Any and all responses welcome, but please be nice as I've been respectful.


----------



## Tiamat (Feb 17, 2013)

Hoo boy.


----------



## kcatpop (Feb 17, 2013)

Did I say something wrong? If I did, please tell me what, as I want to correct it.


----------



## Tiamat (Feb 17, 2013)

kcatpop said:


> Did I say something wrong? If I did, please tell me what, as I want to correct it.



It just a fun hobby. You like drawing or looking at drawings of cartoon animal people? That's all good. Don't over think it and don't ask people how they should act/respond in your thread, especially the very first thread you have made on the forums. It's a good idea to lurk here for a while and get the gist of these forums. Outright attacks are not tolerated, but FAF is great because people can share their honest and usually blunt opinions with each other.

It's just a silly fun pastime, not a lifestyle choice.


----------



## BahrgeistSmile (Feb 17, 2013)

You're not joining the masons or anything, as Tiamat said, it's just a  fun hobby, different parts of the fandom get different things out of it.  Some people are more into art, some are into writing, some are into  fursuiting,  yes, some are indeed into porn, but that doesn't mean that  everyone in the fandom has to be, and there are plenty who aren't. I'm  not, and I avoid it pretty well.  
Just take out of the fandom the aspects that you want and try not to get  too caught up in the whole 'Ew, furries' thing,  from what I've seen of  the Fur Affinity Forums, there's a general distaste for 'sex-crazed,  depraved wannabe animal' types.


----------



## Taralack (Feb 17, 2013)

The furry fandom is whatever you want it to be. 

Wanna pretend to be a fictional character of your creation and do some dress up? Go get a fursuit.
Wanna draw animals in fictional situations and construct stories around them? Why not.
Wanna just sit back and stalk all the amazing artists who draw furry related art? Sure! (Just don't steal their art) 
Wanna make friends with others who have similar interests? Furries share a lot of geeky hobbies eg. gaming. There is a lot of overlap, and I am sure you can find someone to talk to. 
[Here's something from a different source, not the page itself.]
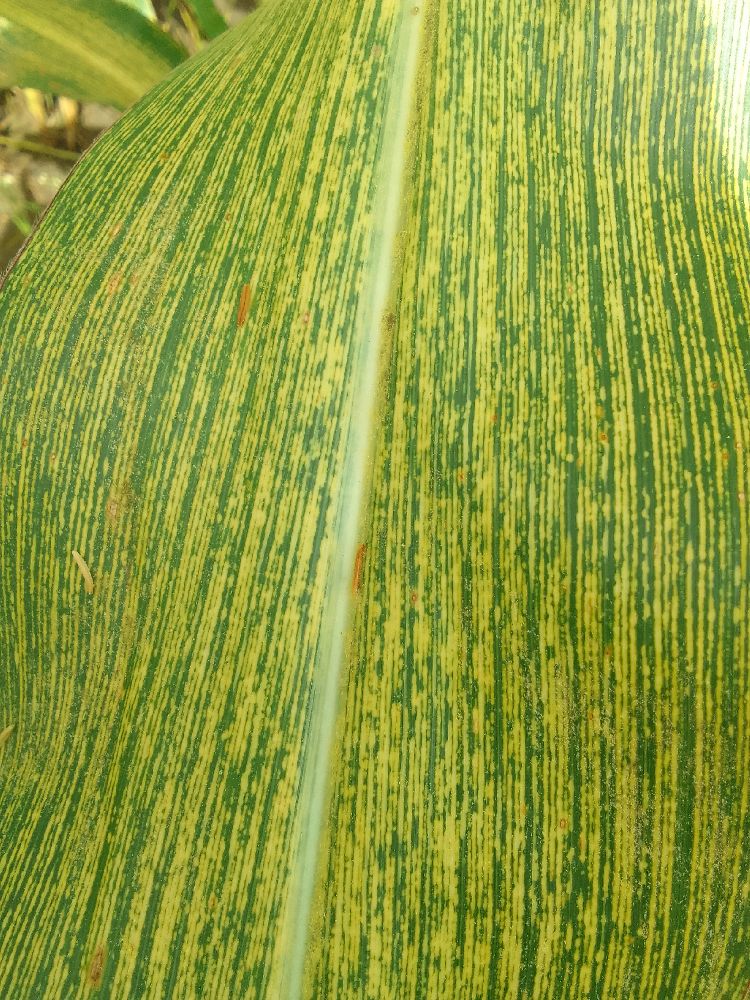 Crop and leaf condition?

maize, maize streak virus
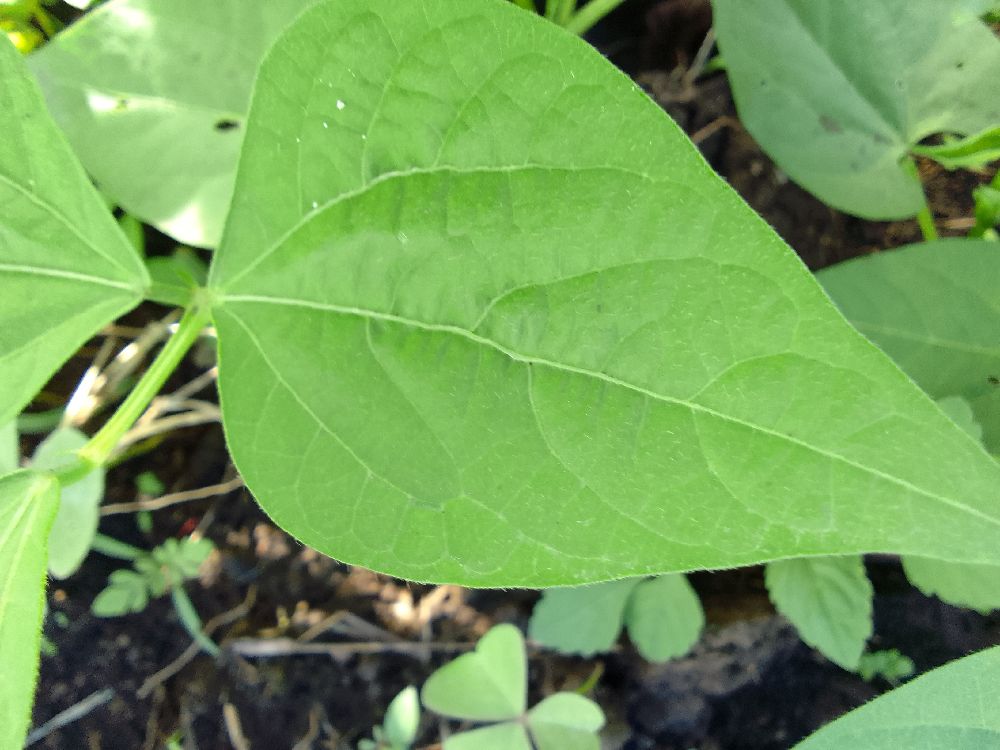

If you wanna make a big deal out of it and pretend like it's a lifestyle choice, you can do that too. But that sort of mindset is just inviting verbal abuse from users on this forum. You'd be better off at a more hugbox-centric forum like Sofurry. 

And honestly, every fandom has its own seedy corner where people draw or write porn of it. The furry fandom is only different in that it's notorious for being put in the limelight as a result of the porn. You don't see people complaining about R-rated Star Wars fanfiction do you? Calling yourself a furry is no different from calling yourself a Whovian or a Trekkie.


----------



## Fallowfox (Feb 17, 2013)

Toraneko said:


> The furry fandom is whatever you want it to be.
> 
> Wanna pretend to be a fictional character of your creation and do some dress up? Go get a fursuit.
> Wanna draw animals in fictional situations and construct stories around them? Why not.
> ...



My estimation of self value just dropped 3 pegs.


----------



## Taralack (Feb 17, 2013)

That's just my opinion


----------



## Kalmor (Feb 17, 2013)

If you think you're a furry then you're most probably a furry. We are no super secret group that requires things of you. As others have said, it's just a hobby.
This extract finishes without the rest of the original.